Information:
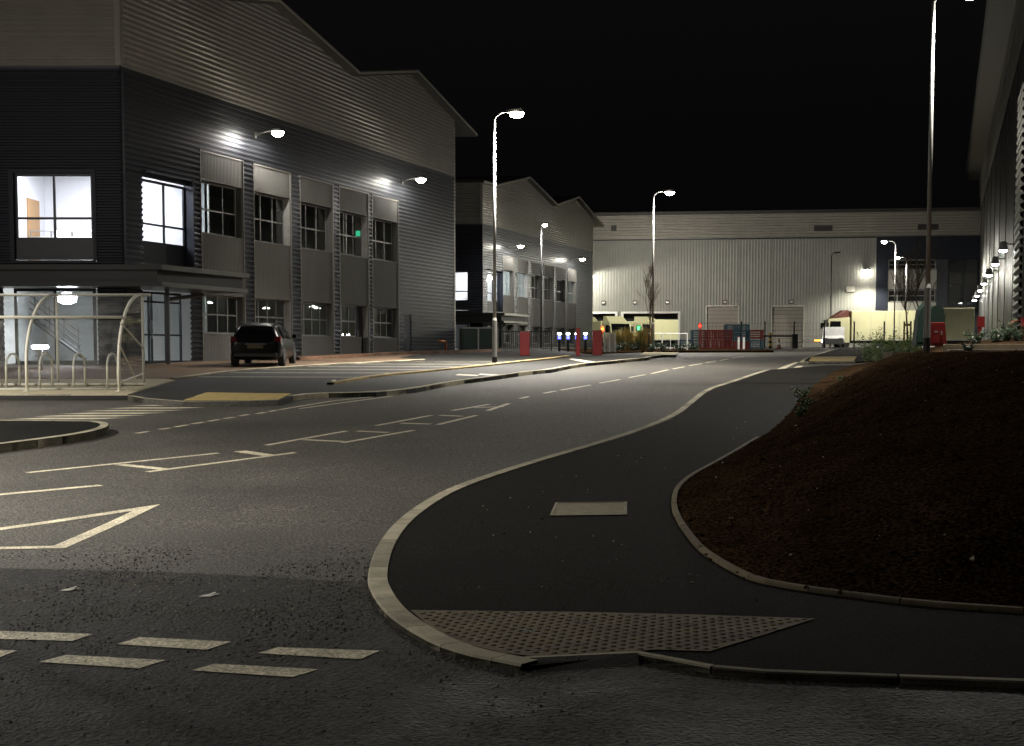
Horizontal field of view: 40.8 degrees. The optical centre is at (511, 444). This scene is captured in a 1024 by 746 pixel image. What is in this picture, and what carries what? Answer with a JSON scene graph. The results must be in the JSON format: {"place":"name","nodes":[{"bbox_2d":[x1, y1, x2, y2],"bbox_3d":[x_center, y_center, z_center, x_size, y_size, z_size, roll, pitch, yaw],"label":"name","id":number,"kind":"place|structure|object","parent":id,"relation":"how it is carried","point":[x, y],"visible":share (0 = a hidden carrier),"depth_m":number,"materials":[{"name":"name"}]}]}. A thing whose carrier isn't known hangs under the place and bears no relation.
{"place":"outdoors","nodes":[
{"label":"outdoors","id":0,"kind":"place"},
{"bbox_2d":[0,353,422,379],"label":"block paving","id":1,"kind":"structure","parent":0,"point":[153,371],"depth_m":42.20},
{"bbox_2d":[32,345,48,369],"bbox_3d":[-13.726,-2.516,40.122,0.480,0.752,0.100,0,4,0],"label":"bollard light","id":2,"kind":"object","parent":1,"relation":"on","point":[40,348],"visible":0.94,"depth_m":40.06,"materials":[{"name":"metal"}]},
{"bbox_2d":[230,322,296,365],"bbox_3d":[-8.018,-3.281,44.672,1.969,1.402,4.128,0,5,-2],"label":"parked car","id":3,"kind":"object","parent":1,"relation":"on","point":[250,342],"visible":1,"depth_m":42.76,"materials":[{"name":"paint"}]},
{"bbox_2d":[172,359,424,379],"bbox_3d":[-6.438,-2.362,43.081,1.109,0.554,15.949,1,4,20],"label":"forecourt edging","id":4,"kind":"object","parent":1,"relation":"on","point":[202,374],"visible":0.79,"depth_m":42.46,"materials":[{"name":"concrete"}]},
{"bbox_2d":[296,349,499,359],"bbox_3d":[-4.217,-3.911,60.167,0.384,0.579,22.600,1,4,18],"label":"wall edging","id":5,"kind":"object","parent":1,"relation":"on","point":[389,353],"depth_m":57.34,"materials":[{"name":"grey concrete"}]},
{"bbox_2d":[0,346,666,404],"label":"car park","id":6,"kind":"structure","parent":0,"point":[296,380],"depth_m":37.09,"materials":[{"name":"grey asphalt"}]},
{"bbox_2d":[0,394,127,395],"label":"kerb","id":7,"kind":"structure","parent":6,"relation":"on","point":[63,394],"depth_m":29.13,"materials":[{"name":"concrete"}]},
{"bbox_2d":[0,379,174,395],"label":"shelter plinth","id":8,"kind":"structure","parent":6,"relation":"on","point":[150,383],"depth_m":32.05,"materials":[{"name":"concrete"}]},
{"bbox_2d":[5,352,21,387],"bbox_3d":[-11.381,-1.690,31.433,0.120,0.826,1.066,0,4,-2],"label":"bicycle stand","id":9,"kind":"object","parent":8,"relation":"on","point":[19,368],"visible":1,"depth_m":31.35,"materials":[{"name":"beige paint"}]},
{"bbox_2d":[39,352,54,387],"bbox_3d":[-10.624,-1.690,31.433,0.120,0.826,1.066,0,4,-2],"label":"bicycle stand","id":10,"kind":"object","parent":8,"relation":"on","point":[51,361],"visible":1,"depth_m":31.47,"materials":[{"name":"beige paint"}]},
{"bbox_2d":[0,293,150,391],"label":"bicycle shelter","id":11,"kind":"object","parent":8,"relation":"on","point":[26,384],"visible":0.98,"depth_m":31.49,"materials":[{"name":"beige paint"}]},
{"bbox_2d":[72,353,87,387],"bbox_3d":[-9.867,-1.690,31.433,0.120,0.826,1.066,0,4,-2],"label":"bicycle stand","id":12,"kind":"object","parent":8,"relation":"on","point":[73,363],"visible":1,"depth_m":31.20,"materials":[{"name":"beige paint"}]},
{"bbox_2d":[106,353,117,387],"bbox_3d":[-9.110,-1.690,31.433,0.120,0.826,1.066,0,4,-2],"label":"bicycle stand","id":13,"kind":"object","parent":8,"relation":"on","point":[107,375],"visible":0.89,"depth_m":30.97,"materials":[{"name":"beige paint"}]},
{"bbox_2d":[142,398,278,406],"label":"kerb ramp","id":14,"kind":"structure","parent":6,"relation":"on","point":[209,404],"depth_m":27.28,"materials":[{"name":"concrete"}]},
{"bbox_2d":[186,392,290,399],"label":"buff crossing slabs","id":15,"kind":"structure","parent":6,"relation":"on","point":[239,396],"depth_m":28.73,"materials":[{"name":"beige concrete"}]},
{"bbox_2d":[185,392,288,399],"bbox_3d":[-5.699,-1.017,28.827,1.912,0.085,2.711,0,4,0],"label":"tactile blister","id":16,"kind":"object","parent":15,"relation":"on","point":[237,396],"visible":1,"depth_m":28.69,"materials":[{"name":"beige concrete"}]},
{"bbox_2d":[327,355,569,384],"bbox_3d":[-1.026,-2.466,44.287,0.596,0.750,23.249,1,4,17],"label":"footway edging","id":17,"kind":"object","parent":6,"relation":"on","point":[408,372],"visible":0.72,"depth_m":39.86,"materials":[{"name":"grey concrete"}]},
{"bbox_2d":[288,355,657,400],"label":"kerb","id":18,"kind":"structure","parent":6,"relation":"on","point":[328,394],"depth_m":34.41,"materials":[{"name":"concrete"}]},
{"bbox_2d":[492,108,523,362],"bbox_3d":[-0.138,-7.006,47.044,1.108,8.809,0.254,1,4,11],"label":"street lamp","id":19,"kind":"object","parent":6,"relation":"on","point":[517,113],"visible":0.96,"depth_m":47.07,"materials":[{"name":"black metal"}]},
{"bbox_2d":[519,331,529,355],"bbox_3d":[0.526,-4.207,57.347,0.440,1.000,0.340,0,4,0],"label":"red post","id":20,"kind":"object","parent":6,"relation":"on","point":[524,343],"visible":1,"depth_m":57.20,"materials":[{"name":"metal"}]},
{"bbox_2d":[499,331,551,350],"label":"railing","id":21,"kind":"object","parent":6,"relation":"on","point":[531,348],"visible":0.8,"depth_m":74.78,"materials":[{"name":"black metal"}]},
{"bbox_2d":[592,330,602,354],"bbox_3d":[3.610,-4.316,58.342,0.440,1.050,0.340,0,4,0],"label":"red post","id":22,"kind":"object","parent":6,"relation":"on","point":[596,342],"visible":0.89,"depth_m":58.19,"materials":[{"name":"metal"}]},
{"bbox_2d":[604,333,615,351],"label":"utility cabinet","id":23,"kind":"object","parent":6,"relation":"on","point":[606,342],"visible":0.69,"depth_m":67.80,"materials":[{"name":"grey metal"}]},
{"bbox_2d":[0,347,930,580],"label":"road","id":24,"kind":"structure","parent":0,"point":[307,502],"depth_m":17.25,"materials":[{"name":"grey asphalt"}]},
{"bbox_2d":[0,546,62,548],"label":"road marking","id":25,"kind":"object","parent":24,"relation":"on","point":[24,547],"visible":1,"depth_m":10.68,"materials":[{"name":"paint"}]},
{"bbox_2d":[0,485,102,494],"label":"road marking","id":26,"kind":"object","parent":24,"relation":"on","point":[50,489],"visible":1,"depth_m":14.41,"materials":[{"name":"paint"}]},
{"bbox_2d":[0,420,108,452],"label":"traffic island","id":27,"kind":"structure","parent":24,"relation":"on","point":[15,430],"depth_m":20.61,"materials":[{"name":"concrete"}]},
{"bbox_2d":[0,420,108,452],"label":"kerb","id":28,"kind":"structure","parent":24,"relation":"on","point":[74,437],"depth_m":19.52,"materials":[{"name":"concrete"}]},
{"bbox_2d":[0,504,158,529],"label":"road marking","id":29,"kind":"object","parent":24,"relation":"on","point":[67,519],"visible":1,"depth_m":12.34,"materials":[{"name":"paint"}]},
{"bbox_2d":[54,504,159,547],"bbox_3d":[-3.485,0.685,11.975,0.130,0.048,2.641,0,4,1],"label":"road marking","id":30,"kind":"object","parent":24,"relation":"on","point":[96,530],"visible":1,"depth_m":11.72,"materials":[{"name":"paint"}]},
{"bbox_2d":[27,453,217,472],"bbox_3d":[-4.755,0.217,17.123,0.100,0.060,2.873,3,5,37],"label":"road marking","id":31,"kind":"object","parent":24,"relation":"on","point":[120,463],"visible":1,"depth_m":16.97,"materials":[{"name":"paint"}]},
{"bbox_2d":[145,452,293,471],"bbox_3d":[-3.570,0.210,17.193,0.100,0.060,2.654,2,4,31],"label":"road marking","id":32,"kind":"object","parent":24,"relation":"on","point":[218,462],"visible":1,"depth_m":17.09,"materials":[{"name":"paint"}]},
{"bbox_2d":[458,327,498,349],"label":"storage cage","id":33,"kind":"object","parent":24,"relation":"on","point":[472,338],"visible":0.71,"depth_m":74.28,"materials":[{"name":"green paint"}]},
{"bbox_2d":[0,568,1023,745],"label":"worn road surface","id":34,"kind":"object","parent":24,"relation":"on","point":[649,704],"visible":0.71,"depth_m":6.25,"materials":[{"name":"grey asphalt"}]},
{"bbox_2d":[0,631,90,640],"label":"give way dash","id":35,"kind":"object","parent":34,"relation":"on","point":[37,635],"visible":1,"depth_m":7.50,"materials":[{"name":"paint"}]},
{"bbox_2d":[41,655,163,667],"bbox_3d":[-2.046,1.081,6.888,0.588,0.001,0.196,1,4,15],"label":"give way dash","id":36,"kind":"object","parent":34,"relation":"on","point":[108,661],"visible":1,"depth_m":6.88,"materials":[{"name":"paint"}]},
{"bbox_2d":[118,637,229,649],"bbox_3d":[-1.793,1.052,7.317,0.558,0.001,0.217,1,4,15],"label":"give way dash","id":37,"kind":"object","parent":34,"relation":"on","point":[178,643],"visible":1,"depth_m":7.30,"materials":[{"name":"paint"}]},
{"bbox_2d":[194,664,316,676],"bbox_3d":[-1.252,1.094,6.688,0.593,0.001,0.178,1,4,13],"label":"give way dash","id":38,"kind":"object","parent":34,"relation":"on","point":[267,670],"visible":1,"depth_m":6.70,"materials":[{"name":"paint"}]},
{"bbox_2d":[260,647,378,658],"bbox_3d":[-0.992,1.066,7.098,0.582,0.001,0.213,1,4,14],"label":"give way dash","id":39,"kind":"object","parent":34,"relation":"on","point":[346,653],"visible":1,"depth_m":7.08,"materials":[{"name":"paint"}]},
{"bbox_2d":[0,416,766,745],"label":"road grit","id":40,"kind":"object","parent":34,"relation":"on","point":[234,624],"visible":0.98,"depth_m":8.07,"materials":[{"name":"gravel"}]},
{"bbox_2d":[517,653,638,673],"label":"dropped kerb","id":41,"kind":"structure","parent":34,"relation":"on","point":[608,660],"depth_m":6.80,"materials":[{"name":"grey concrete"}]},
{"bbox_2d":[540,222,547,347],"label":"street lamp","id":42,"kind":"object","parent":24,"relation":"on","point":[544,224],"visible":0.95,"depth_m":98.42,"materials":[{"name":"grey metal"}]},
{"bbox_2d":[368,370,768,670],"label":"kerb","id":43,"kind":"structure","parent":24,"relation":"on","point":[387,601],"depth_m":8.92,"materials":[{"name":"concrete"}]},
{"bbox_2d":[593,316,633,346],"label":"lorry","id":44,"kind":"object","parent":24,"relation":"on","point":[611,323],"visible":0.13,"depth_m":143.08,"materials":[{"name":"beige metal"}]},
{"bbox_2d":[627,317,660,342],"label":"lorry","id":45,"kind":"object","parent":24,"relation":"on","point":[642,322],"visible":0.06,"depth_m":145.13,"materials":[{"name":"beige metal"}]},
{"bbox_2d":[552,348,773,353],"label":"planting bed","id":46,"kind":"object","parent":24,"relation":"on","point":[589,351],"visible":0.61,"depth_m":75.10,"materials":[{"name":"soil"}]},
{"bbox_2d":[636,262,660,349],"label":"bare tree","id":47,"kind":"object","parent":46,"relation":"on","point":[650,295],"visible":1,"depth_m":75.13,"materials":[{"name":"brown plant"}]},
{"bbox_2d":[651,189,673,349],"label":"street lamp","id":48,"kind":"object","parent":46,"relation":"on","point":[669,192],"visible":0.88,"depth_m":76.43,"materials":[{"name":"black metal"}]},
{"bbox_2d":[647,320,678,346],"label":"lorry trailer","id":49,"kind":"object","parent":24,"relation":"on","point":[665,326],"visible":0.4,"depth_m":142.55,"materials":[{"name":"beige metal"}]},
{"bbox_2d":[526,651,1023,688],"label":"kerb","id":50,"kind":"structure","parent":24,"relation":"on","point":[990,681],"depth_m":6.48,"materials":[{"name":"concrete"}]},
{"bbox_2d":[764,334,797,347],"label":"barrier","id":51,"kind":"object","parent":24,"relation":"on","point":[794,340],"visible":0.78,"depth_m":105.54,"materials":[{"name":"black metal"}]},
{"bbox_2d":[701,321,884,347],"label":"fence","id":52,"kind":"object","parent":24,"relation":"on","point":[801,333],"visible":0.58,"depth_m":111.63,"materials":[{"name":"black metal"}]},
{"bbox_2d":[822,327,844,346],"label":"van","id":53,"kind":"object","parent":24,"relation":"on","point":[834,335],"visible":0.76,"depth_m":112.24,"materials":[{"name":"metal"}]},
{"bbox_2d":[853,332,880,362],"bbox_3d":[12.447,-3.416,48.439,0.908,1.119,0.790,3,5,33],"label":"shrub","id":54,"kind":"object","parent":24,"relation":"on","point":[866,354],"visible":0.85,"depth_m":48.39,"materials":[{"name":"green plant"}]},
{"bbox_2d":[820,310,915,346],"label":"lorry","id":55,"kind":"object","parent":24,"relation":"on","point":[866,322],"visible":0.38,"depth_m":116.58,"materials":[{"name":"white metal"}]},
{"bbox_2d":[868,329,887,360],"bbox_3d":[12.590,-3.369,47.436,0.778,1.204,0.811,0,4,0],"label":"shrub","id":56,"kind":"object","parent":24,"relation":"on","point":[874,348],"visible":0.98,"depth_m":47.33,"materials":[{"name":"green plant"}]},
{"bbox_2d":[876,327,900,358],"bbox_3d":[13.144,-3.508,48.395,1.027,1.307,0.620,0,4,0],"label":"shrub","id":57,"kind":"object","parent":24,"relation":"on","point":[887,342],"visible":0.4,"depth_m":48.36,"materials":[{"name":"green plant"}]},
{"bbox_2d":[885,335,906,351],"bbox_3d":[13.179,-3.269,47.354,0.912,1.017,0.722,0,4,0],"label":"shrub","id":58,"kind":"object","parent":24,"relation":"on","point":[894,348],"visible":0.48,"depth_m":47.34,"materials":[{"name":"green plant"}]},
{"bbox_2d":[911,302,923,345],"bbox_3d":[10.798,-3.204,36.561,0.288,1.175,0.412,0,4,0],"label":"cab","id":59,"kind":"object","parent":24,"relation":"on","point":[917,338],"visible":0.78,"depth_m":36.40,"materials":[{"name":"paint"}]},
{"bbox_2d":[930,322,946,345],"bbox_3d":[10.928,-2.840,35.424,0.429,0.600,0.330,0,4,0],"label":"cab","id":60,"kind":"object","parent":24,"relation":"on","point":[937,333],"visible":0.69,"depth_m":35.28,"materials":[{"name":"paint"}]},
{"bbox_2d":[935,308,974,346],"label":"lorry trailer","id":61,"kind":"object","parent":24,"relation":"on","point":[959,322],"visible":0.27,"depth_m":111.19,"materials":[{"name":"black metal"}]},
{"bbox_2d":[618,326,633,349],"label":"ornamental grass","id":62,"kind":"object","parent":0,"point":[626,336],"depth_m":75.55,"materials":[{"name":"brown plant"}]},
{"bbox_2d":[283,0,988,317],"label":"sky","id":63,"kind":"structure","parent":0,"point":[723,105],"materials":[{"name":"black"}]},
{"bbox_2d":[633,329,647,349],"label":"ornamental grass","id":64,"kind":"object","parent":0,"point":[639,336],"depth_m":75.55,"materials":[{"name":"brown plant"}]},
{"bbox_2d":[368,365,1023,688],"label":"footway","id":65,"kind":"structure","parent":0,"point":[450,552],"depth_m":9.53,"materials":[{"name":"asphalt"}]},
{"bbox_2d":[550,502,626,515],"bbox_3d":[0.719,0.589,12.738,0.767,0.028,0.904,0,4,0],"label":"inspection cover","id":66,"kind":"object","parent":65,"relation":"on","point":[600,508],"visible":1,"depth_m":12.75,"materials":[{"name":"concrete"}]},
{"bbox_2d":[411,610,814,655],"bbox_3d":[0.564,1.013,7.485,2.323,0.001,1.240,0,4,0],"label":"tactile slab bed","id":67,"kind":"object","parent":65,"relation":"on","point":[719,644],"visible":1,"depth_m":7.50,"materials":[{"name":"beige concrete"}]},
{"bbox_2d":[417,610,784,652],"bbox_3d":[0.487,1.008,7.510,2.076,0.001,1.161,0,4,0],"label":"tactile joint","id":68,"kind":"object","parent":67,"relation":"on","point":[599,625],"visible":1,"depth_m":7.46,"materials":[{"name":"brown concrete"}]},
{"bbox_2d":[671,437,1023,612],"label":"path edging","id":69,"kind":"object","parent":65,"relation":"on","point":[696,542],"visible":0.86,"depth_m":8.77,"materials":[{"name":"concrete"}]},
{"bbox_2d":[593,207,980,346],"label":"warehouse building","id":70,"kind":"structure","parent":0,"point":[717,270],"depth_m":154.06,"materials":[{"name":"silver metal"}]},
{"bbox_2d":[947,259,979,308],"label":"window","id":71,"kind":"structure","parent":70,"relation":"in","point":[965,284],"depth_m":151.56,"materials":[{"name":"grey metal"}]},
{"bbox_2d":[671,339,1023,610],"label":"soil mound","id":72,"kind":"object","parent":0,"point":[880,514],"visible":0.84,"depth_m":11.61,"materials":[{"name":"brown soil"}]},
{"bbox_2d":[671,349,1023,596],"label":"soil clods","id":73,"kind":"object","parent":72,"relation":"on","point":[979,536],"visible":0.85,"depth_m":11.20,"materials":[{"name":"soil"}]},
{"bbox_2d":[923,0,935,351],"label":"street lamp","id":74,"kind":"object","parent":72,"relation":"on","point":[927,316],"visible":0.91,"depth_m":34.44,"materials":[{"name":"black metal"}]},
{"bbox_2d":[931,305,944,321],"bbox_3d":[11.067,-3.127,36.111,0.400,1.040,0.520,0,4,0],"label":"green kiosk","id":75,"kind":"object","parent":72,"relation":"on","point":[937,313],"visible":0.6,"depth_m":35.84,"materials":[{"name":"paint"}]},
{"bbox_2d":[963,330,988,343],"bbox_3d":[12.435,-2.884,36.928,0.700,0.436,0.505,0,4,0],"label":"shrub","id":76,"kind":"object","parent":72,"relation":"on","point":[978,338],"visible":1,"depth_m":36.84,"materials":[{"name":"green plant"}]},
{"bbox_2d":[943,344,1023,351],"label":"retaining wall","id":77,"kind":"structure","parent":72,"relation":"on","point":[985,347],"depth_m":31.42,"materials":[{"name":"concrete"}]},
{"bbox_2d":[987,328,1006,342],"bbox_3d":[13.017,-2.899,36.925,0.628,0.464,0.604,0,4,0],"label":"shrub","id":78,"kind":"object","parent":72,"relation":"on","point":[996,337],"visible":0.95,"depth_m":36.90,"materials":[{"name":"green plant"}]},
{"bbox_2d":[998,316,1018,341],"bbox_3d":[13.258,-3.043,36.836,0.540,0.763,0.657,2,4,30],"label":"shrub","id":79,"kind":"object","parent":72,"relation":"on","point":[1008,334],"visible":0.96,"depth_m":36.80,"materials":[{"name":"green plant"}]},
{"bbox_2d":[1011,323,1023,340],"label":"shrub","id":80,"kind":"object","parent":72,"relation":"on","point":[1017,336],"visible":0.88,"depth_m":36.87,"materials":[{"name":"green plant"}]},
{"bbox_2d":[803,347,922,363],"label":"footway","id":81,"kind":"structure","parent":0,"point":[847,351],"depth_m":63.97,"materials":[{"name":"concrete"}]},
{"bbox_2d":[809,356,856,360],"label":"buff crossing slabs","id":82,"kind":"structure","parent":81,"relation":"on","point":[840,358],"depth_m":54.47,"materials":[{"name":"beige concrete"}]},
{"bbox_2d":[881,239,895,341],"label":"street lamp","id":83,"kind":"object","parent":81,"relation":"on","point":[883,241],"visible":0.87,"depth_m":113.35,"materials":[{"name":"black metal"}]},
{"bbox_2d":[890,251,923,351],"bbox_3d":[17.166,-6.226,59.703,1.834,4.453,2.003,0,4,0],"label":"bare tree","id":84,"kind":"object","parent":81,"relation":"on","point":[906,324],"visible":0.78,"depth_m":59.70,"materials":[{"name":"brown plant"}]},
{"bbox_2d":[891,235,951,350],"bbox_3d":[17.065,-6.338,57.634,2.545,4.955,1.918,0,4,7],"label":"bare tree","id":85,"kind":"object","parent":81,"relation":"on","point":[918,275],"visible":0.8,"depth_m":57.63,"materials":[{"name":"brown plant"}]},
{"bbox_3d":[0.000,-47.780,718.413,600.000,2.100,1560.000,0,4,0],"label":"ground","id":86,"kind":"structure","parent":0,"visible":0},
{"bbox_2d":[0,0,477,364],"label":"office building","id":87,"kind":"structure","parent":86,"relation":"on","point":[136,156],"depth_m":50.12,"materials":[{"name":"grey metal"}]},
{"bbox_2d":[26,198,39,236],"bbox_3d":[-16.874,-7.439,48.632,0.040,2.400,1.200,0,4,0],"label":"interior door","id":88,"kind":"structure","parent":87,"relation":"in","point":[33,210],"depth_m":48.56,"materials":[{"name":"brown wood"}]},
{"bbox_2d":[14,173,92,239],"bbox_3d":[-14.789,-7.686,44.576,2.550,2.140,0.060,0,4,0],"label":"window","id":89,"kind":"structure","parent":87,"relation":"in","point":[17,218],"depth_m":44.57,"materials":[{"name":"white metal"}]},
{"bbox_2d":[14,288,97,363],"bbox_3d":[-14.839,-3.850,44.834,2.650,2.450,0.060,0,4,0],"label":"window","id":90,"kind":"structure","parent":87,"relation":"in","point":[54,290],"depth_m":44.80,"materials":[{"name":"grey metal"}]},
{"bbox_2d":[58,291,76,303],"bbox_3d":[-14.971,-5.232,46.353,0.640,0.996,0.640,0,4,0],"label":"entrance light","id":91,"kind":"object","parent":87,"relation":"attached to","point":[67,299],"visible":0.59,"depth_m":46.15,"materials":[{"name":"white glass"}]},
{"bbox_2d":[141,178,184,247],"bbox_3d":[-11.868,-7.828,46.828,0.060,2.120,2.710,1,4,19],"label":"window","id":92,"kind":"structure","parent":87,"relation":"in","point":[163,225],"depth_m":46.90,"materials":[{"name":"grey metal"}]},
{"bbox_2d":[201,181,235,237],"bbox_3d":[-10.850,-8.578,50.369,0.060,1.880,2.890,1,4,19],"label":"window","id":93,"kind":"structure","parent":87,"relation":"in","point":[208,210],"depth_m":50.79,"materials":[{"name":"grey metal"}]},
{"bbox_2d":[203,295,236,333],"bbox_3d":[-10.850,-4.767,50.626,0.060,1.400,2.890,1,4,19],"label":"window","id":94,"kind":"structure","parent":87,"relation":"in","point":[216,314],"depth_m":50.68,"materials":[{"name":"grey metal"}]},
{"bbox_2d":[254,193,283,244],"bbox_3d":[-9.643,-8.819,53.942,0.060,1.880,2.890,1,4,19],"label":"window","id":95,"kind":"structure","parent":87,"relation":"in","point":[259,195],"depth_m":54.37,"materials":[{"name":"grey metal"}]},
{"bbox_2d":[254,128,284,138],"bbox_3d":[-9.182,-11.777,52.182,1.229,0.320,0.448,2,4,26],"label":"wall floodlight","id":96,"kind":"object","parent":87,"relation":"attached to","point":[277,132],"depth_m":51.91,"materials":[{"name":"metal"}]},
{"bbox_2d":[256,299,284,326],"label":"window","id":97,"kind":"structure","parent":87,"relation":"in","point":[257,300],"depth_m":54.48,"materials":[{"name":"grey metal"}]},
{"bbox_2d":[301,203,326,251],"bbox_3d":[-8.422,-9.062,57.554,0.060,1.880,2.890,1,4,19],"label":"window","id":98,"kind":"structure","parent":87,"relation":"in","point":[305,205],"depth_m":57.99,"materials":[{"name":"grey metal"}]},
{"bbox_2d":[302,302,326,335],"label":"window","id":99,"kind":"structure","parent":87,"relation":"in","point":[303,303],"depth_m":58.02,"materials":[{"name":"grey metal"}]},
{"bbox_2d":[341,305,355,336],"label":"window","id":100,"kind":"structure","parent":87,"relation":"in","point":[347,306],"depth_m":61.17,"materials":[{"name":"grey metal"}]},
{"bbox_2d":[340,211,361,256],"bbox_3d":[-7.269,-9.293,60.967,0.060,1.880,2.890,1,4,19],"label":"window","id":101,"kind":"structure","parent":87,"relation":"in","point":[343,213],"depth_m":61.38,"materials":[{"name":"grey metal"}]},
{"bbox_2d":[356,306,362,352],"bbox_3d":[-6.882,-5.017,62.288,0.115,2.430,0.690,1,4,19],"label":"side door","id":102,"kind":"structure","parent":87,"relation":"in","point":[359,310],"depth_m":62.30,"materials":[{"name":"metal"}]},
{"bbox_2d":[373,219,391,261],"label":"window","id":103,"kind":"structure","parent":87,"relation":"in","point":[375,220],"depth_m":64.57,"materials":[{"name":"grey metal"}]},
{"bbox_2d":[373,307,392,337],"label":"window","id":104,"kind":"structure","parent":87,"relation":"in","point":[385,309],"depth_m":64.96,"materials":[{"name":"grey metal"}]},
{"bbox_2d":[404,315,410,351],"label":"fire door","id":105,"kind":"structure","parent":87,"relation":"in","point":[407,330],"depth_m":66.94,"materials":[{"name":"metal"}]},
{"bbox_2d":[455,176,603,346],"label":"office building","id":106,"kind":"structure","parent":86,"relation":"on","point":[527,207],"depth_m":107.65,"materials":[{"name":"grey metal"}]},
{"bbox_2d":[965,0,1023,339],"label":"factory building","id":107,"kind":"structure","parent":86,"relation":"on","point":[995,157],"depth_m":89.59,"materials":[{"name":"metal"}]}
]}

Action item: Review the entries above and return every line where "soil" appears.

Output of the exercise:
{"bbox_2d":[552,348,773,353],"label":"planting bed","id":46,"kind":"object","parent":24,"relation":"on","point":[589,351],"visible":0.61,"depth_m":75.10,"materials":[{"name":"soil"}]},
{"bbox_2d":[671,339,1023,610],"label":"soil mound","id":72,"kind":"object","parent":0,"point":[880,514],"visible":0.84,"depth_m":11.61,"materials":[{"name":"brown soil"}]},
{"bbox_2d":[671,349,1023,596],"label":"soil clods","id":73,"kind":"object","parent":72,"relation":"on","point":[979,536],"visible":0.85,"depth_m":11.20,"materials":[{"name":"soil"}]},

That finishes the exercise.